BEGIN Excerpted records

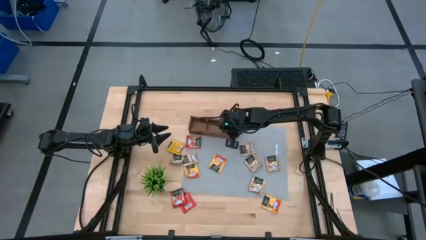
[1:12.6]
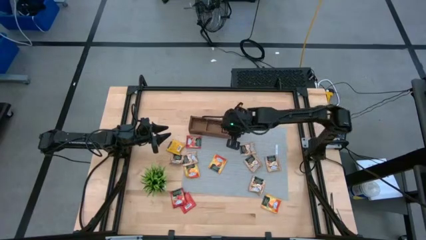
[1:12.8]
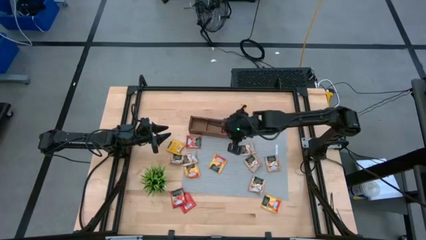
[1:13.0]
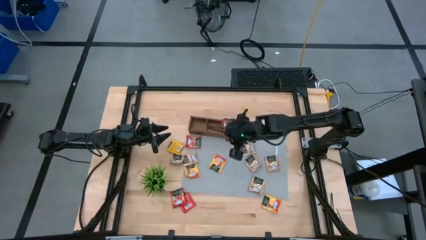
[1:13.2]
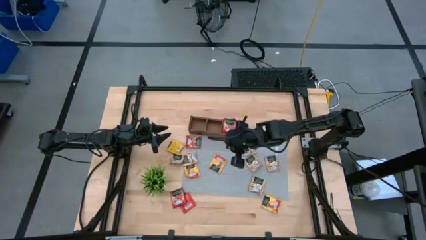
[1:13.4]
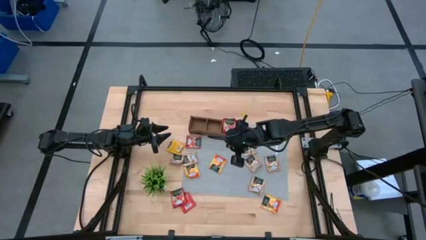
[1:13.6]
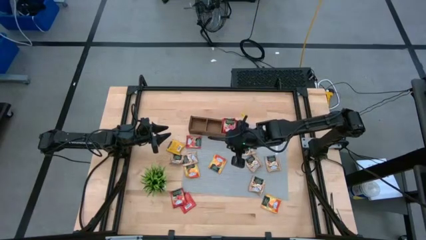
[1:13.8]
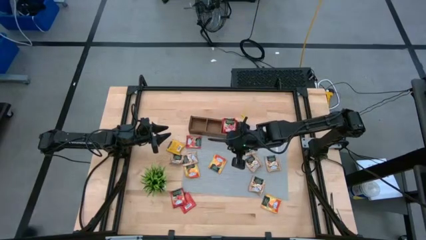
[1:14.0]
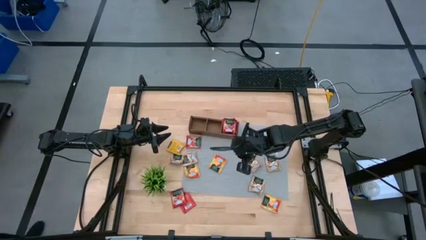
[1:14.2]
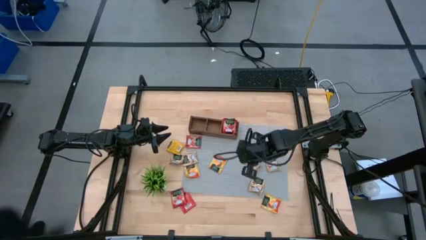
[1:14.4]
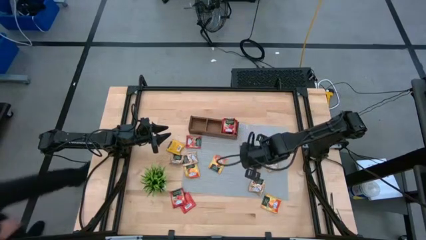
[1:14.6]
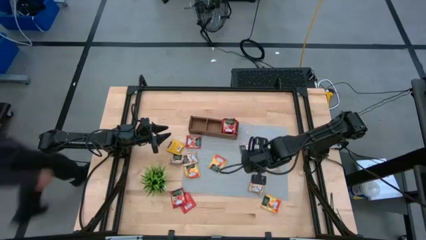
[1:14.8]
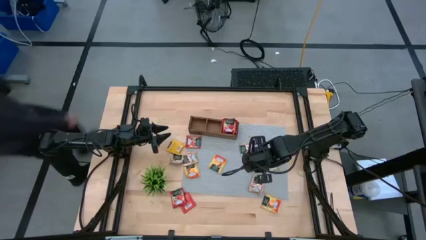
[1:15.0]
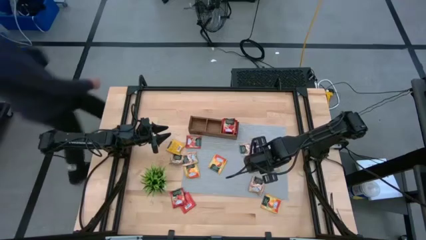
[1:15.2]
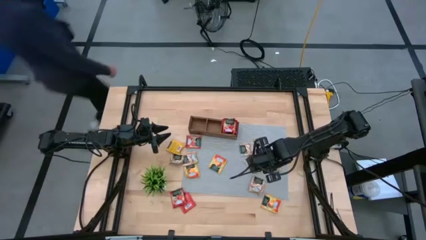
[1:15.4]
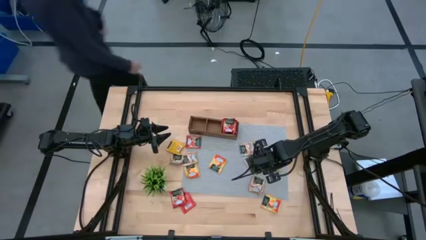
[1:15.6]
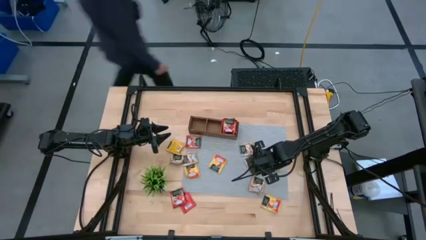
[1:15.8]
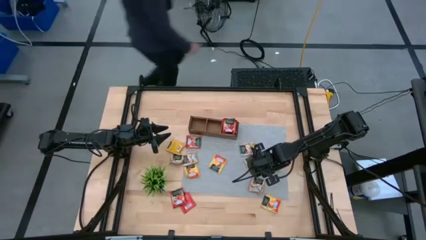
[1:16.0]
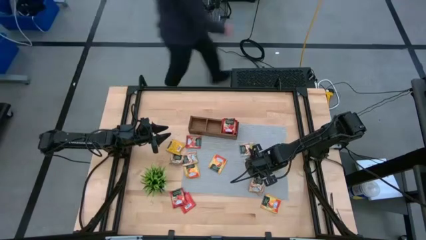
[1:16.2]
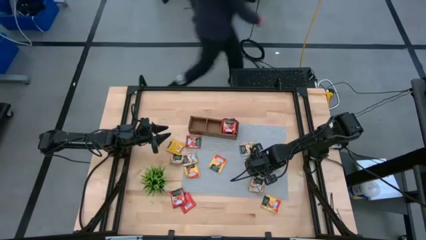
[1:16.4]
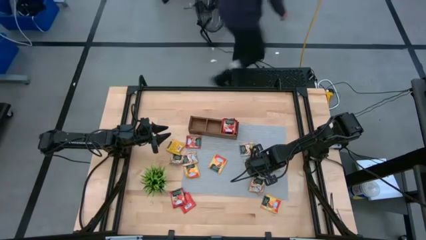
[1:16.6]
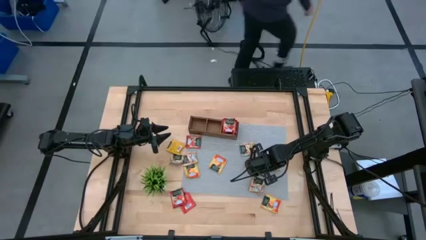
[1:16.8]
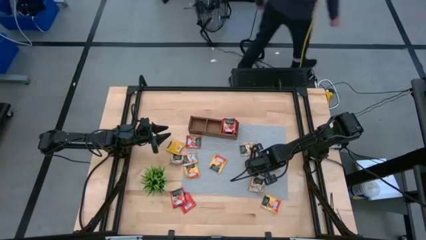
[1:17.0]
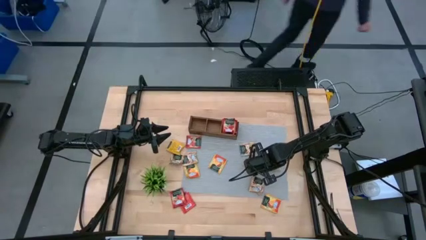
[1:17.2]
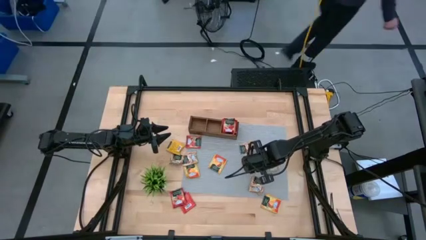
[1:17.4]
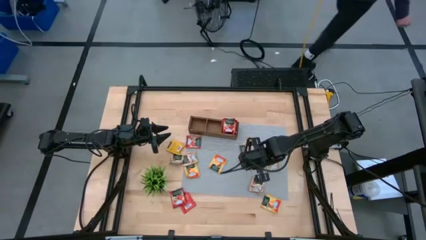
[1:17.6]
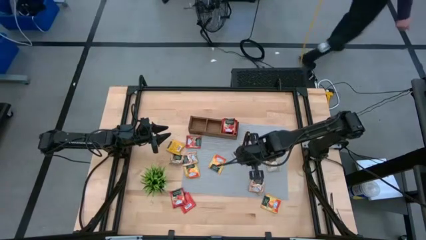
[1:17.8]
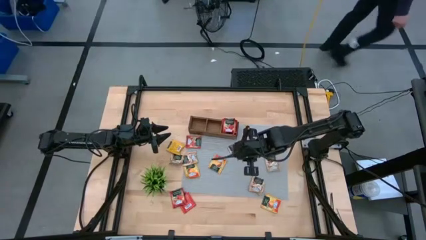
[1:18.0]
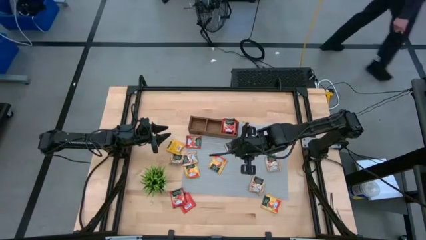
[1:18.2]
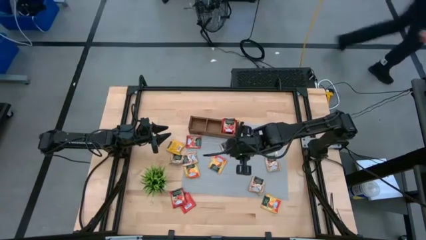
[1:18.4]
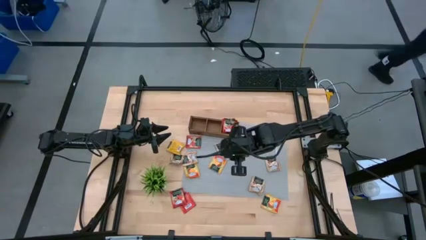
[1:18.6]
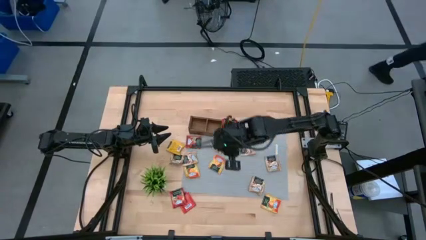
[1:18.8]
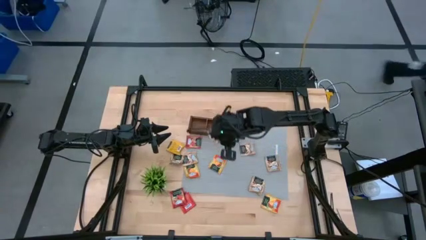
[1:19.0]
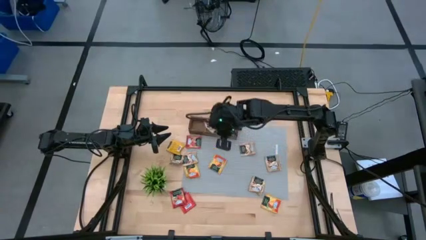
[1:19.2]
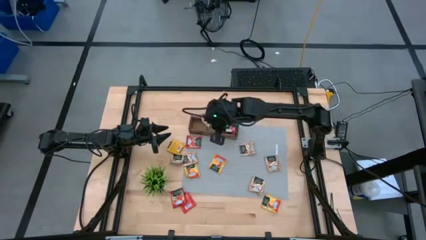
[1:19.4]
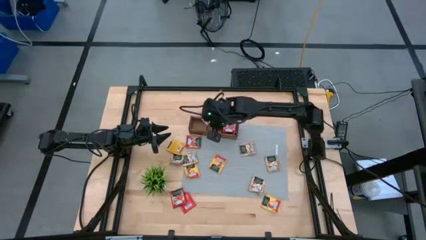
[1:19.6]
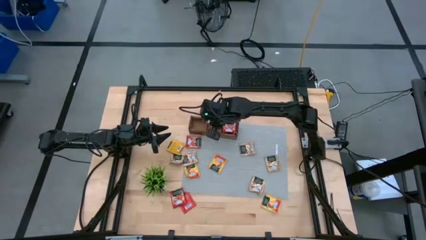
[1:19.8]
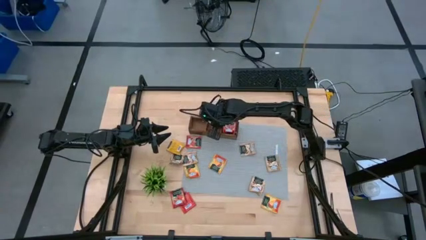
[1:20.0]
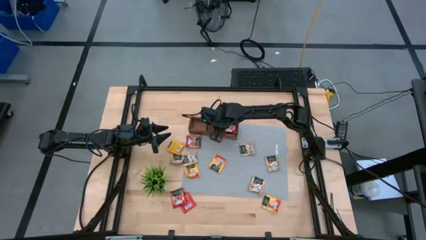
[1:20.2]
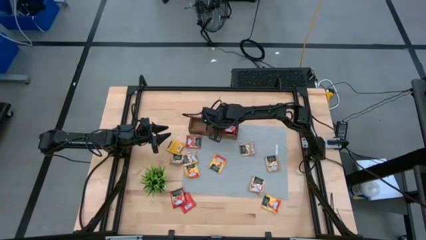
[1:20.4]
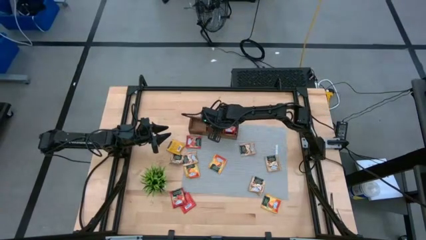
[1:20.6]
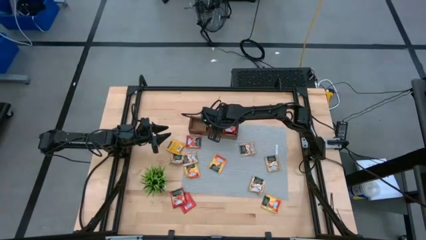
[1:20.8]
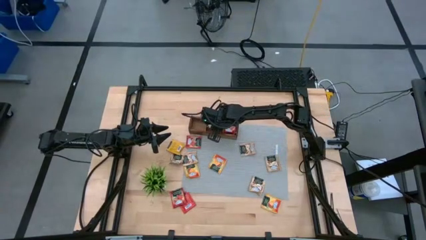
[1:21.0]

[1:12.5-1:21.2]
Task: Pick & Place Tea
Put the gold tea bag into the middle section of the wooden organizer

END Excerpted records

● Problem: Each entry above is to be written out exactly. The pictures stay out.

● Written response:
[1:12.6]
[1:12.8]
[1:13.0]
[1:13.2]
[1:13.4]
[1:13.6]
[1:13.8]
[1:14.0]
[1:14.2]
[1:14.4]
[1:14.6]
[1:14.8]
[1:15.0]
[1:15.2]
[1:15.4]
[1:15.6]
[1:15.8]
[1:16.0]
[1:16.2]
[1:16.4]
[1:16.6]
[1:16.8]
[1:17.0]
[1:17.2]
[1:17.4]
[1:17.6]
[1:17.8]
[1:18.0]
[1:18.2]
[1:18.4]
[1:18.6]
[1:18.8]
[1:19.0]
[1:19.2]
[1:19.4]
[1:19.6]
[1:19.8]
[1:20.0]
[1:20.2]
[1:20.4]
[1:20.6]
[1:20.8]
[1:21.0]

[1:12.5-1:21.2]
Task: Pick & Place Tea
Put the gold tea bag into the middle section of the wooden organizer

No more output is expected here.